Book: Any Human Heart
Author: William Boyd
Review by: Glenn Hendrix, chair, Arnall Golden Gregory LLP
“That’s all your life amounts to in the end: the aggregate of all the good luck and the bad luck you experience. Everything is explained by that simple formula. Tot it up – look at the respective piles. There’s nothing you can do about it: nobody shares it out, allocates it to this one or that, it just happens. We must quietly suffer the laws of man’s condition, as Montaigne says.”
That’s the theme of William Boyd’s novel, Any Human Heart, which features a British writer, Logan Mountstuart, whose fictional life (1906–1991) intersects with some of the key events and iconic figures of the 20th century.

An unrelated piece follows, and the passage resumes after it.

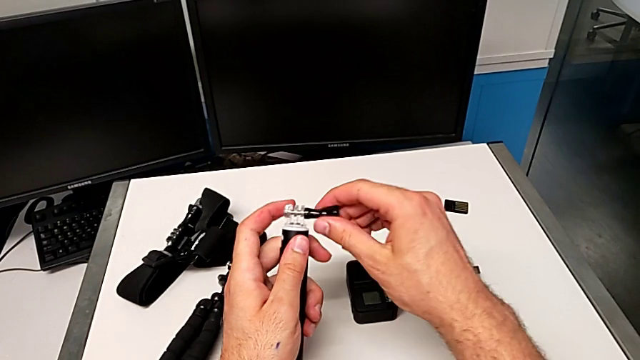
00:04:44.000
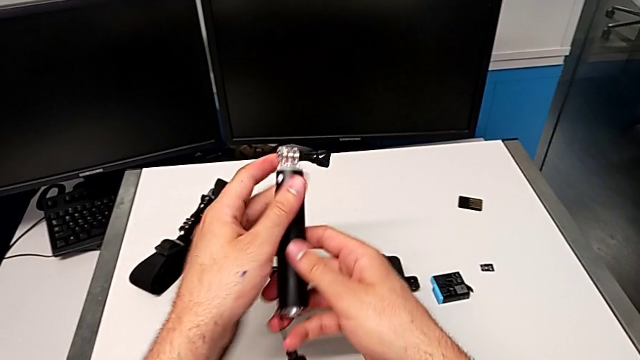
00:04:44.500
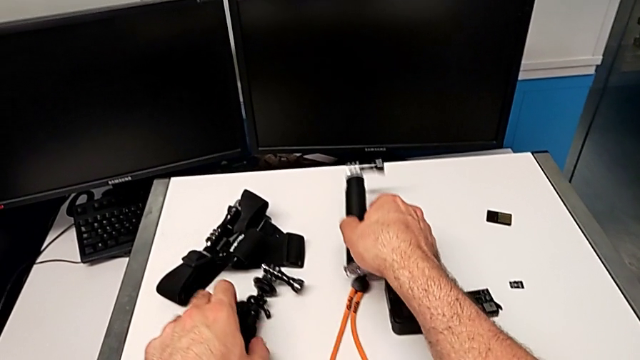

Mountstuart’s story is told through his diary. The journal entries serve to capture the random, often capricious, twists and turns in his life. In explaining his use of this narrative device, Boyd observes that a daily journal is “written without the benefit of hindsight, so there isn’t the same feeling you get when you look back and add shape to a life. There are huge chunks missing.” As in life, there are also false starts in the storyline; some plot lines simply peter out.
Aside from advancing Boyd’s theme, the absence of a linear storyline yields lots of surprises, and the result is an entertaining read. Mountstuart bounces from continent to continent, relationship to relationship, and endeavor to endeavor, experiencing happiness and grief, wealth and penury, and success and disappointment along the way. He rubs shoulders with Virginia Woolf, Evelyn Waugh, James Joyce, Ernest Hemingway, Ian Fleming, Picasso, and the Duke and Duchess of Windsor. The transitions in Mountstuart’s life are credibly drawn, and his interactions with the celebrity cameo characters are convincing and sometimes comical.
The novel and its depiction of Mountstuart’s changing self are oddly reassuring. While one seldom lives a life according to the straight course they might have planned or wished for, the bumps, diversions and jolts along the way make for something that’s perhaps more fulfilling. In Mountstuart’s case, they certainly make for a more interesting story.